Hold onto your hats, folks, because it’s 1911 and the physics world is about to get shook to its core, courtesy of one Ernest Rutherford and his epic gold foil experiment.

When I play around with gold foil, I’m lucky not to get it stuck all over everything it comes into contact with. When Rutherford did it, he discovered the atomic nucleus—the heart of the atom.

The nucleus was seen as holding most of the mass of the atom, and the electrons were seen as negatively charged particles. Now we have the concept of the atom and the birth of particle physics. Scientists popped a bottle of bubbly.

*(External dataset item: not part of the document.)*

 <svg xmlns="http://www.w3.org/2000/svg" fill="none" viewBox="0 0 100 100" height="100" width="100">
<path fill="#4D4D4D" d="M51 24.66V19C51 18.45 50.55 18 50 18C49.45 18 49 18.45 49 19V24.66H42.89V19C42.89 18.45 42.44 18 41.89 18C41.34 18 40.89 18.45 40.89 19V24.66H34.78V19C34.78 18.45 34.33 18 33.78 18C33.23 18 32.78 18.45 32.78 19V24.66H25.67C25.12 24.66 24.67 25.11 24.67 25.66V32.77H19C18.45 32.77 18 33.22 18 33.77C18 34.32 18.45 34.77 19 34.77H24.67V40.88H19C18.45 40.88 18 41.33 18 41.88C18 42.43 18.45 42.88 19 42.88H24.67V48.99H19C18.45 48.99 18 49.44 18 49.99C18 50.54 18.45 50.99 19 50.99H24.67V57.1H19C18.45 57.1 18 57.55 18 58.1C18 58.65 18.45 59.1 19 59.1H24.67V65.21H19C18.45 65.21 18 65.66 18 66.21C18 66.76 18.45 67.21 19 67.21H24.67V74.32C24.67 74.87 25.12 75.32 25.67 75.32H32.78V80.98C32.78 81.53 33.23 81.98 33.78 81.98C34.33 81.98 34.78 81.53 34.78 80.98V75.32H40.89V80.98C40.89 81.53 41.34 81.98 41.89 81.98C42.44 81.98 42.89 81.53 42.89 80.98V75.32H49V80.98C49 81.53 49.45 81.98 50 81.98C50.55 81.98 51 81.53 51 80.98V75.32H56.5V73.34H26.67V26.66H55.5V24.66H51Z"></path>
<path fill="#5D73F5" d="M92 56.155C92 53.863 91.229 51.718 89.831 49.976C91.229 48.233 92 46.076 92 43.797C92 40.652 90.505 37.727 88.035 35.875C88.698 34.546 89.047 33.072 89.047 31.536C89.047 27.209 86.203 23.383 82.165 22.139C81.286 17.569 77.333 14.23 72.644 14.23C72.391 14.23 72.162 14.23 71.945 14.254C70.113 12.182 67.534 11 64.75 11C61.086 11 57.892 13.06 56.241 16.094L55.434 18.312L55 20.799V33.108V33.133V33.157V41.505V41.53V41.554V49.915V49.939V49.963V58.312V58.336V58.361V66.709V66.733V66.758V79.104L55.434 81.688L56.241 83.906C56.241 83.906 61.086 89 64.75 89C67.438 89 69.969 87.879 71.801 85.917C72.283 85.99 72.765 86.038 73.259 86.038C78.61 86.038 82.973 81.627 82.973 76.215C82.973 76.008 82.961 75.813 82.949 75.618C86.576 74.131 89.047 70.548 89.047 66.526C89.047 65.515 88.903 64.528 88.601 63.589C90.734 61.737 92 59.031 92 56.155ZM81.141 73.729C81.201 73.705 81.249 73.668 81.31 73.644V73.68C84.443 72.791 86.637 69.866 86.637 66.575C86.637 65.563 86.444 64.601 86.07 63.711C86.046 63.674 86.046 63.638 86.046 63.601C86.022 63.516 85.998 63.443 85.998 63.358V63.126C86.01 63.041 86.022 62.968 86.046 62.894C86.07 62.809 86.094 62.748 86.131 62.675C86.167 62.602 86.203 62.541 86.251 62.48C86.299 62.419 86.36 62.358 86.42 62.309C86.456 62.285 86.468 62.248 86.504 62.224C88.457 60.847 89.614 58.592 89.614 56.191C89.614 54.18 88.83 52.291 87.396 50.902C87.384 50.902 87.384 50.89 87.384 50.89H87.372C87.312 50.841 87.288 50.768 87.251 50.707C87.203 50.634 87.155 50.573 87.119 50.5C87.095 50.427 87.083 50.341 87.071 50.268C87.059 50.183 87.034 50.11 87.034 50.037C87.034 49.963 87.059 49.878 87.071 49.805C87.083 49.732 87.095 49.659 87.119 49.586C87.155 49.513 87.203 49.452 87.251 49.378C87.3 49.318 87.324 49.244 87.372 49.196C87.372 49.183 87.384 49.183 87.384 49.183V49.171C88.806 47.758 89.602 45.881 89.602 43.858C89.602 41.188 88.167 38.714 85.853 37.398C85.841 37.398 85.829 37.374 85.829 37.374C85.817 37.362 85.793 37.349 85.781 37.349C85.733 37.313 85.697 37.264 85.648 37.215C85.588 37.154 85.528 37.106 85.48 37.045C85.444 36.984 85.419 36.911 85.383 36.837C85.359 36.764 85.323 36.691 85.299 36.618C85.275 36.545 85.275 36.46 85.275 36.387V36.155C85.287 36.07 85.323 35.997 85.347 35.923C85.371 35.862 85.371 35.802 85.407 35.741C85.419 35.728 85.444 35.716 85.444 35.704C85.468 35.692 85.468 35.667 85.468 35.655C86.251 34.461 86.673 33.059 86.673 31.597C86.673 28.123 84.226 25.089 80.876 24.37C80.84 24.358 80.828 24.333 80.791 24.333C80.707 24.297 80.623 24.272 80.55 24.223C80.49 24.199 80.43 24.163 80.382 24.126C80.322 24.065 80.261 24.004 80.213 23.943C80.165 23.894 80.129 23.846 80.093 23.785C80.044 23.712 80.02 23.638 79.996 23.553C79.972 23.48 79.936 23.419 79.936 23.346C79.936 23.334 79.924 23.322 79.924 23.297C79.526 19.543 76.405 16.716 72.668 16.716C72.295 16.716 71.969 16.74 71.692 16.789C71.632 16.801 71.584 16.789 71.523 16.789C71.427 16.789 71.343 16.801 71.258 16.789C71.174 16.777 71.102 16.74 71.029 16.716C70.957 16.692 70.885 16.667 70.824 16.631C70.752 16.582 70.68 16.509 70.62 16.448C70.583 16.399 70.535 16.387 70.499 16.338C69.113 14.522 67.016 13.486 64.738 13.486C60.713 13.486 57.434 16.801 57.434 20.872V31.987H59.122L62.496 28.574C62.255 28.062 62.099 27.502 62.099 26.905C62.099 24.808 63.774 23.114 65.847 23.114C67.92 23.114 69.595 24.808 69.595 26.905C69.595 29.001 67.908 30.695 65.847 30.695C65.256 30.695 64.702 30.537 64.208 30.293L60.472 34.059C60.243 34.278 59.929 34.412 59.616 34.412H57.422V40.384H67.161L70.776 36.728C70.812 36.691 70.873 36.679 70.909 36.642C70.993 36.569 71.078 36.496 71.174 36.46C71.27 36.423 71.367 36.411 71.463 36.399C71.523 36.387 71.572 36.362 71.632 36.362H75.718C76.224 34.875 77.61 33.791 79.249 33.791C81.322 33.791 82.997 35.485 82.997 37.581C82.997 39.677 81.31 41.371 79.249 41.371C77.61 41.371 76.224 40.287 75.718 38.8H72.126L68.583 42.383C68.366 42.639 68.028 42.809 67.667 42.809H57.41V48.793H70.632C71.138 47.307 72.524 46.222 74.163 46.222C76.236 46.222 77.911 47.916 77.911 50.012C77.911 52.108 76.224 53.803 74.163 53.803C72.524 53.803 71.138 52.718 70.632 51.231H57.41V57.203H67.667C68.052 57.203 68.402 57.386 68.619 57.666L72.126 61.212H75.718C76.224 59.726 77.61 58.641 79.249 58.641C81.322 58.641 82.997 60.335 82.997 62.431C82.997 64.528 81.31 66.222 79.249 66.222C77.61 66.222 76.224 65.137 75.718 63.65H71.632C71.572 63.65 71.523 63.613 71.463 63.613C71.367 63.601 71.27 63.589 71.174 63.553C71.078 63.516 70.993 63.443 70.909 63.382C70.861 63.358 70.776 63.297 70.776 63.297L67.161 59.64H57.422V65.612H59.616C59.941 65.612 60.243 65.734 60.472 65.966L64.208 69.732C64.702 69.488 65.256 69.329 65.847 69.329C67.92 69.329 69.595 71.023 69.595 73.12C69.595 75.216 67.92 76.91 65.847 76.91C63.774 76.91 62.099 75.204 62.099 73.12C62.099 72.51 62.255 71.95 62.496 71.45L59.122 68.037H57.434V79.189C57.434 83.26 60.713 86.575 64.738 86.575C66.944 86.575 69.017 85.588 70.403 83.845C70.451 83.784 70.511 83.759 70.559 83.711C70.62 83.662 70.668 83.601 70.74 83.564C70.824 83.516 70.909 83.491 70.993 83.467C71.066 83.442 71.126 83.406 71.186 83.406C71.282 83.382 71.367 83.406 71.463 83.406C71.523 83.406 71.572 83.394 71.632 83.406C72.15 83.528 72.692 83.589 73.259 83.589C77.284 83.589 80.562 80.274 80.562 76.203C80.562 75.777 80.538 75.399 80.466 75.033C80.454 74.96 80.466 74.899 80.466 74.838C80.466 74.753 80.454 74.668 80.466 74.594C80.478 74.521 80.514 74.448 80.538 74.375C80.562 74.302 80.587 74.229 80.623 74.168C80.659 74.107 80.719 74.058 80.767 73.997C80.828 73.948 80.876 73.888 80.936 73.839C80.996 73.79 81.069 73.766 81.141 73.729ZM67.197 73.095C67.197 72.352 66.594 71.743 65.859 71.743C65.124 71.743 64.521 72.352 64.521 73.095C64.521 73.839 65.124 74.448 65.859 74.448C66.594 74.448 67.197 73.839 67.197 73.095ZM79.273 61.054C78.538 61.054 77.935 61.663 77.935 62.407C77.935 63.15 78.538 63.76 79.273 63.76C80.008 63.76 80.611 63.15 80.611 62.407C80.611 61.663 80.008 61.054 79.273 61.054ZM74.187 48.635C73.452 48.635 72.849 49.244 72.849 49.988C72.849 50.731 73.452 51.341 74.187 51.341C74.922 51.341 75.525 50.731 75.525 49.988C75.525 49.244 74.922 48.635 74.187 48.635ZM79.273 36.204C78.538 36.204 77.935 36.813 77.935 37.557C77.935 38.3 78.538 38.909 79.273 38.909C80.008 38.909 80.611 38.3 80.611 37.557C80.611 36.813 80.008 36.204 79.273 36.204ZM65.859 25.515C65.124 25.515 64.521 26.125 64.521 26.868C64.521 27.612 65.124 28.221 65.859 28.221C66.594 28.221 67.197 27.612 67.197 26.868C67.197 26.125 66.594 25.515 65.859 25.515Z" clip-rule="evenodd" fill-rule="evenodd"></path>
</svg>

But then somebody threw a curveball. “Hey wait! What about the Theory of Electromagnetism?” Cue the record scratch. Everybody put a pause on that bubbly. After all, electromagnetism was a real thing. There was no room for it to be wrong. And according to the Theory of Electromagnetism, those charged electrons circling the atomic nucleus would sometimes emit electromagnetic radiation.

Okay, so what was the problem with that?

Well . . .

→ If an electron was emitting radiation, it was losing energy.

→ According to classical mechanics, if it was losing energy, it did not have enough strength to balance the mass of the nucleus.

→ Therefore, it shouldn’t stay in a stable orbit around the atomic nucleus.

→ It would be pulled into a spiral toward the nucleus. Because of gravity.

→ The atom would collapse on itself.

Hmm. According to classical mechanics, reality shouldn’t exist because everything should have already collapsed into itself.

You gotta hand it to physicists. Some people would see this math—the math that said atoms negated their own existence—and would think they’d made a mistake. They’d decide their math was bunk.

But physicists had double-checked their math. They knew it was right. It said that atoms should collapse on themselves . . . and yet when scientists looked around, they could clearly see that reality existed. Nothing had collapsed onto itself. That meant that classical mechanics itself wasn’t right. Or, at least, it didn’t account for everything.

Stuff was starting to get very weird.